Eisinger: The first thing they could have done is created a task force, a big, giant task force to address a variety of financial crisis-era cases. People should remember, the financial crisis hits in the end of the Bush administration. The height is September. The election is in November. All the firms that collapse, the criminal investigations are going on, and the late Bush administration folks who are on their way out don't take a series of serious decisions and let the investigations start to percolate. That's the first mistake.

The Obama administration inherits that mistake, but they compound it by not doing anything about it. One thing they needed to do was create a task force where you figuratively lock 50 prosecutors in a room together to look at — five needed to look at Lehman Brothers, and 10 needed to look at the CDO business, and five needed to look at Citi, and six needed to look at JP Morgan, etc., etc. If you had, they would have found crimes.

In fact, what happens is they don't really look in a serious way. Whenever you hear Eric Holder or Preet Bharara or Lanny Breuer saying, "We looked seriously and nobody ever presented us a criminal case without a doubt prosecuting a high-level individual," the secret is that they didn't look. That was mistake number one.

Sirota: What are the continuing effects of the Justice Department culture that the Obama administration basically helped cement?

Eisinger: The day-to-day legacy now is that the Department of Justice has lost the will and ability to prosecute top corporate executives. This is the flip side. [We] know about mass incarceration and the scandal of that, and that we disproportionately punish mostly poor, mostly people of color, in this country. This is the flip side of that, which is that we allow the rich and powerful to commit crimes with impunity if they are in executive positions at major corporations. That is a scandal, and it undermines the fairness and justice of our system and the rule of law.

The Obama administration has contributed to it. What they do now is they settle with corporations rather than focusing on prosecuting individuals. They have lost the skill set to do with it, because settling with corporations is so easy and because of the way settlements come about, which is that we have outsourced and privatized investigations to the corporations themselves. It's basically like allowing Pablo Escobar to hire the major law firm of Medellin to investigate whether Escobar is dealing drugs or not. That surprisingly is an investigation that might yield a few street-level drug users but is not going to actually implicate Pablo himself.

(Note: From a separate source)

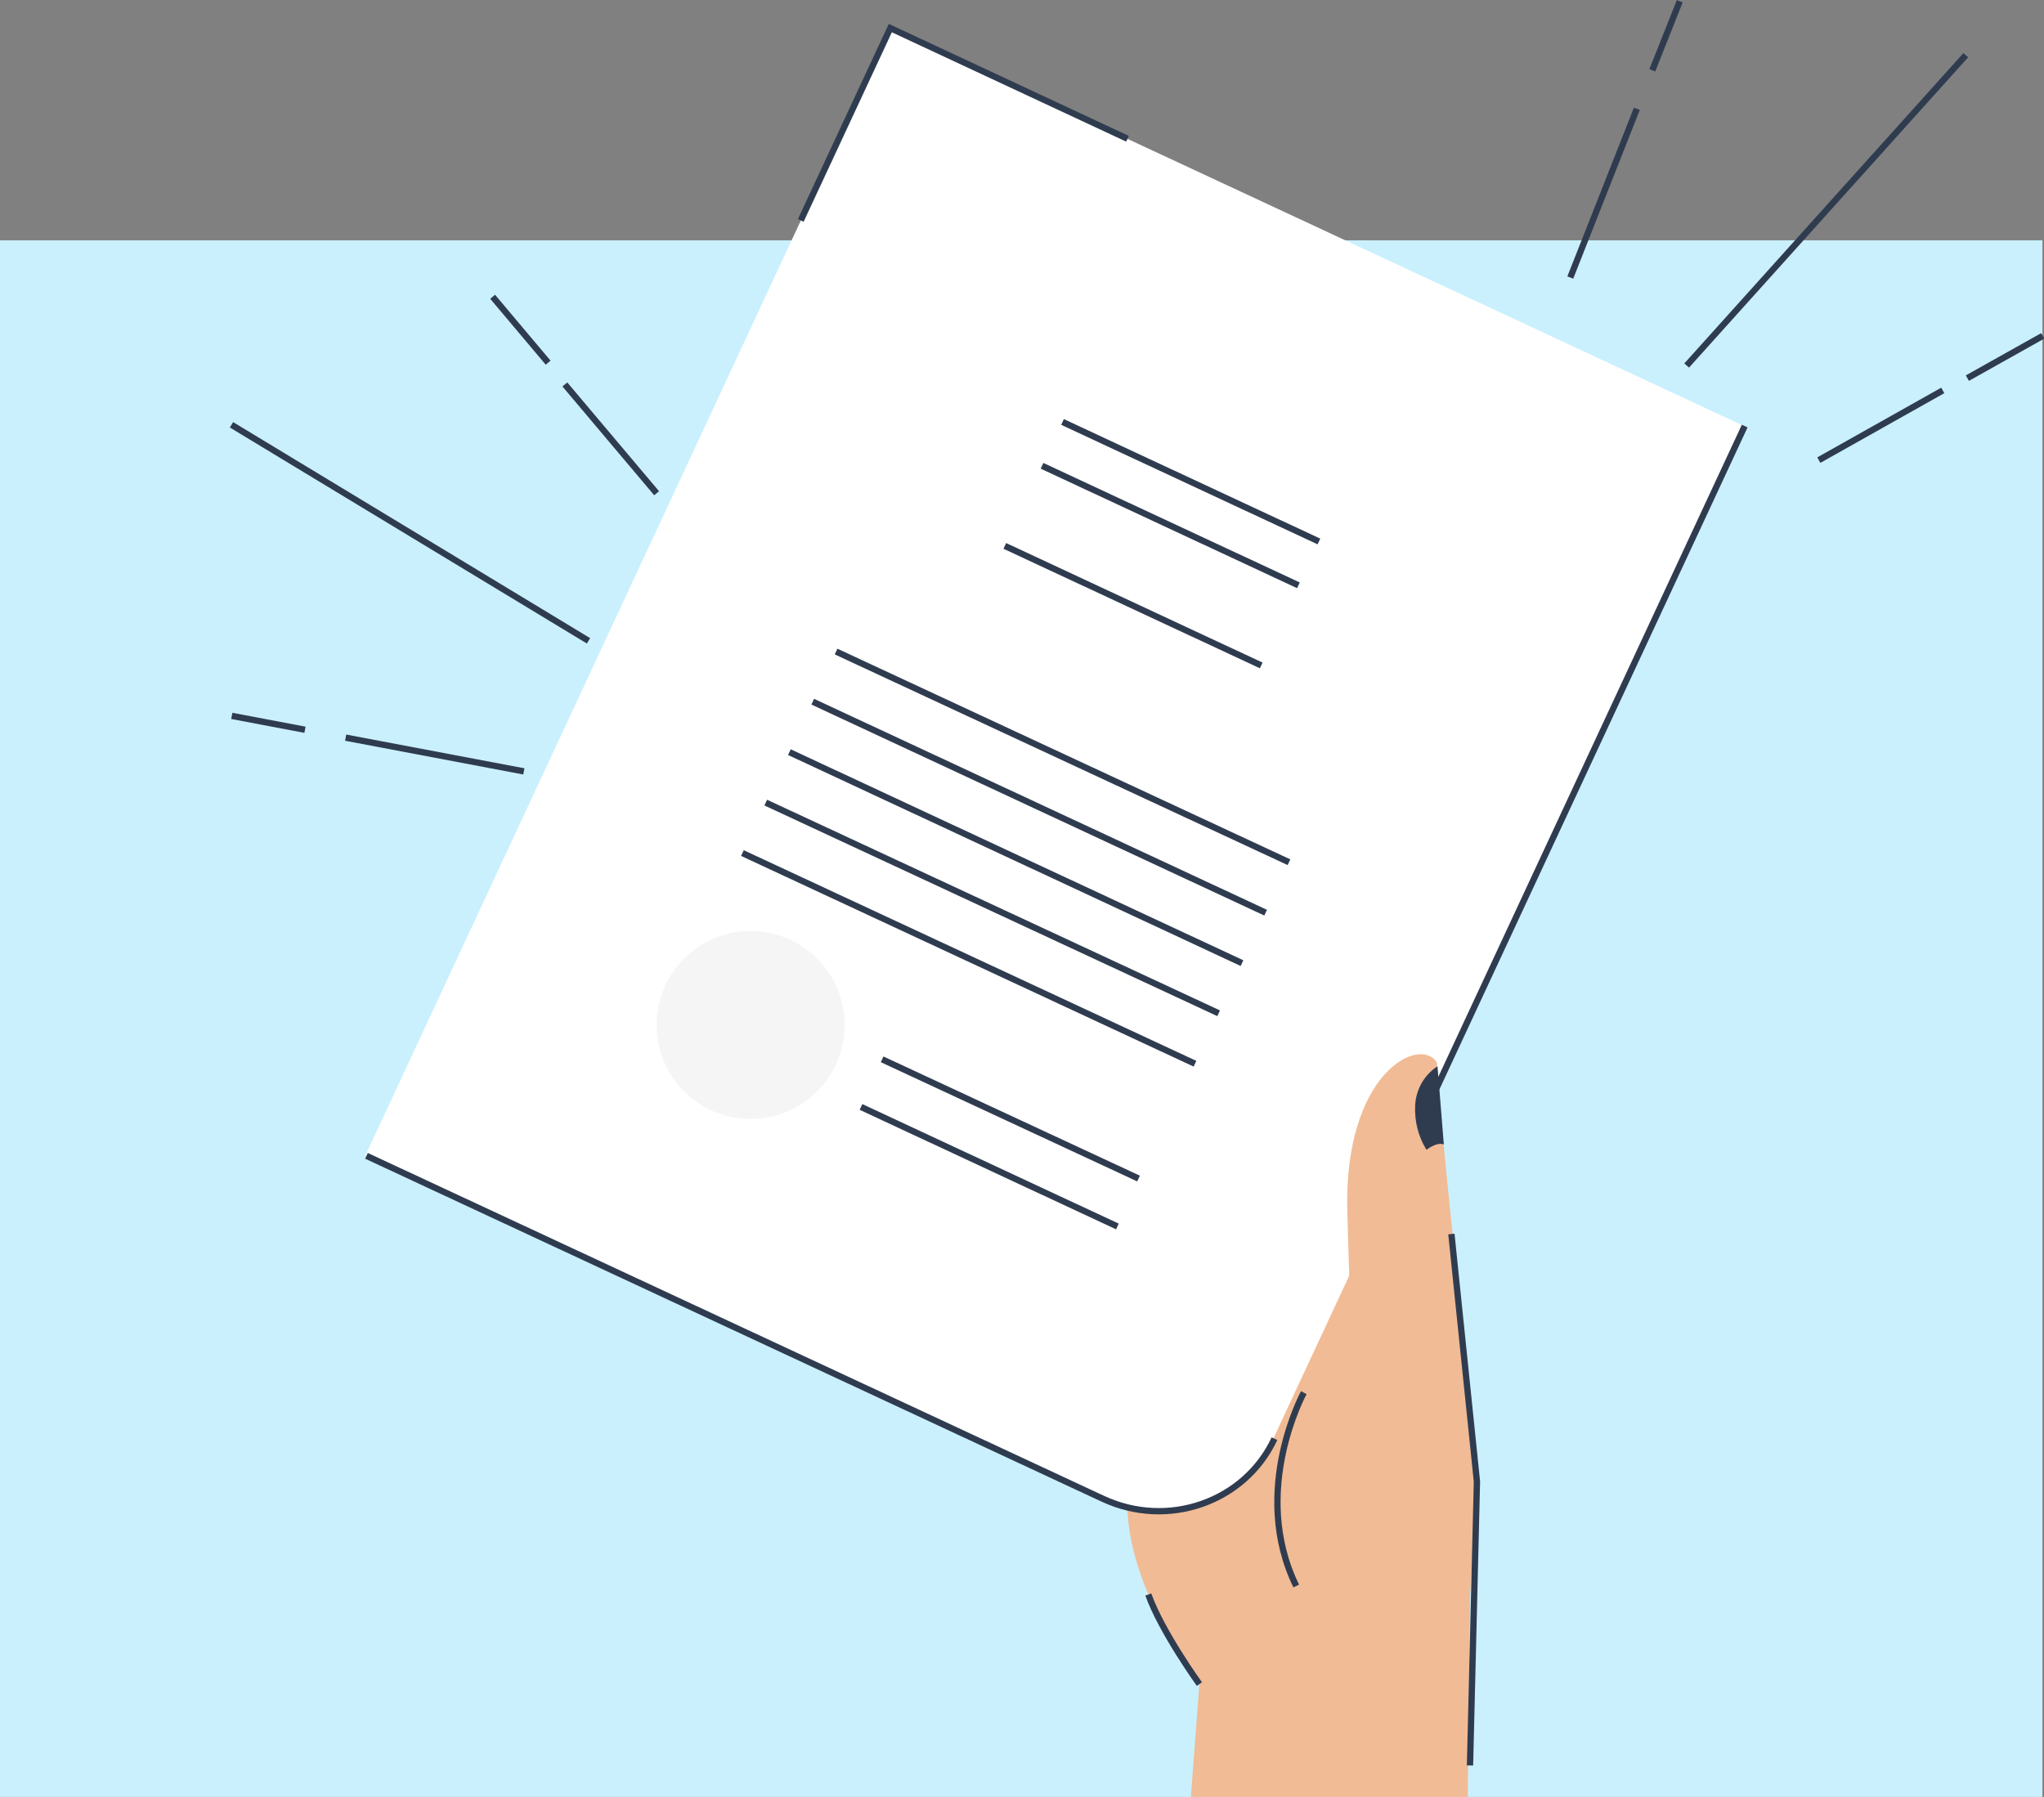 <svg version="1.1" id="Layer_1" xmlns="http://www.w3.org/2000/svg" xmlns:xlink="http://www.w3.org/1999/xlink" x="0" y="0" viewBox="0 0 648.1 569.8" xml:space="preserve"><rect x="0" y="0" width="648.1" height="569.8" fill="#808080" stroke="none"/><style>.st2{fill:#f1bb95}.st4{stroke-miterlimit:10;fill:none;stroke:#2f3c50;stroke-width:2}</style><g id="Layer_2_00000079462225974622968960000005282428140771529365_"><g id="Layer_1-2"><path fill="#caf0fd" d="M0 76.2h647.6v493.7H0z"/><defs><path id="SVGID_1_" d="M93-34.4h554.7v604.3H93z"/></defs><clipPath id="SVGID_00000182516946492148206380000008782431465142128005_"><use xlink:href="#SVGID_1_" overflow="visible"/></clipPath><g clip-path="url(#SVGID_00000182516946492148206380000008782431465142128005_)"><path class="st2" d="M468.3 469.8l-21.1-99c-7.9-22.8-9.4-42.9-24.7-57.9L408 351.3l-23.5-3.5 1.9 49.1-14.2-4.5-6.1 32.3-13.6-3 9.4 37.9 43.7 39.4 62.7-29.2z"/><path class="st2" d="M466.1 506.2l-105.3-50.5c-9.4 26.4 1.6 52.4 19.5 78.2l-8 106.2h92.3l1.5-133.9z"/><path d="M282.3 9L115.8 366.5l233.4 108.7c20.7 9.7 45.3.7 55-20l149-320L282.3 9z" fill="#fff"/><path class="st4" d="M454.2 347.8l99-212.7m-437 231.4l233.4 108.7c20.7 9.7 45.1 1.1 54.5-19M357.5 44L282.3 8.9l-28.4 61m25.8 266l81.3 37.8M273 351l81.3 37.9m-17.4-255.1l81.3 37.9m-87.8-24l81.3 37.9m-93.1-12.5l81.3 37.9m-134.8-4.4l143.6 66.8m-151-50.9l143.6 66.9m-151-50.9l143.5 66.9m-151-50.9l143.6 66.8m-151-50.8l143.5 66.8"/><path class="st2" d="M428 410.8s-.2-6.9-.8-26.5c-1.2-44.2 23-56 28.4-47.4.5 16.3 10.3 101.6 12.7 132.9l-2.2 36.4c-16.9 27.2-46.1 18.4-56.2-5.7-12.4-29.7 5.4-68.9 18.1-89.7z"/><path class="st4" d="M413.4 441.6s-17.1 31.2-2.4 61.3m49.2-111.6l8.1 78.5-2.2 90M380.3 534s-12-16.6-16.2-28.4"/><circle cx="238" cy="325" r="29.8" fill="#f5f5f5"/></g><path d="M534.8 115.9l88.5-98.4m-46.6 128.4l39.3-22.1m7.8-3.9l23.9-13.4M497.9 88L519 34.5m4.9-12.2L532.6.4m-346 202.8L73.4 134.7m134.8 21.7l-29.1-34.5m-5.3-6.9l-17.6-20.9m9.9 150.5l-56.5-10.7m-12.9-2.5L73.5 227" fill="none" stroke="#2f3c50" stroke-width="2"/><path d="M455.8 338.1c-4.3 2.8-6.9 7.5-7.1 12.6-.2 4.9 1 9.7 3.6 13.9 0 0 3.2-2.6 5.5-1.7l-2-24.8z" fill="#2f3c50"/></g></g></svg>

We have corporations who have a scandal. They hire a law firm. The law firm does the investigation. The investigation is studiously incurious about going to the top levels, and worse than that, they negotiate, then they hand the results to the Department of Justice. The Department of Justice looks over it, and then comes up with some kind of fine that the shareholders pay. The executives don't pay it. The company, the piece of paper has to pay it, but that comes out of shareholder pockets. Then those prosecutors, many of them, go to work for those law firms themselves after a few years. That is a deeply corrupt process.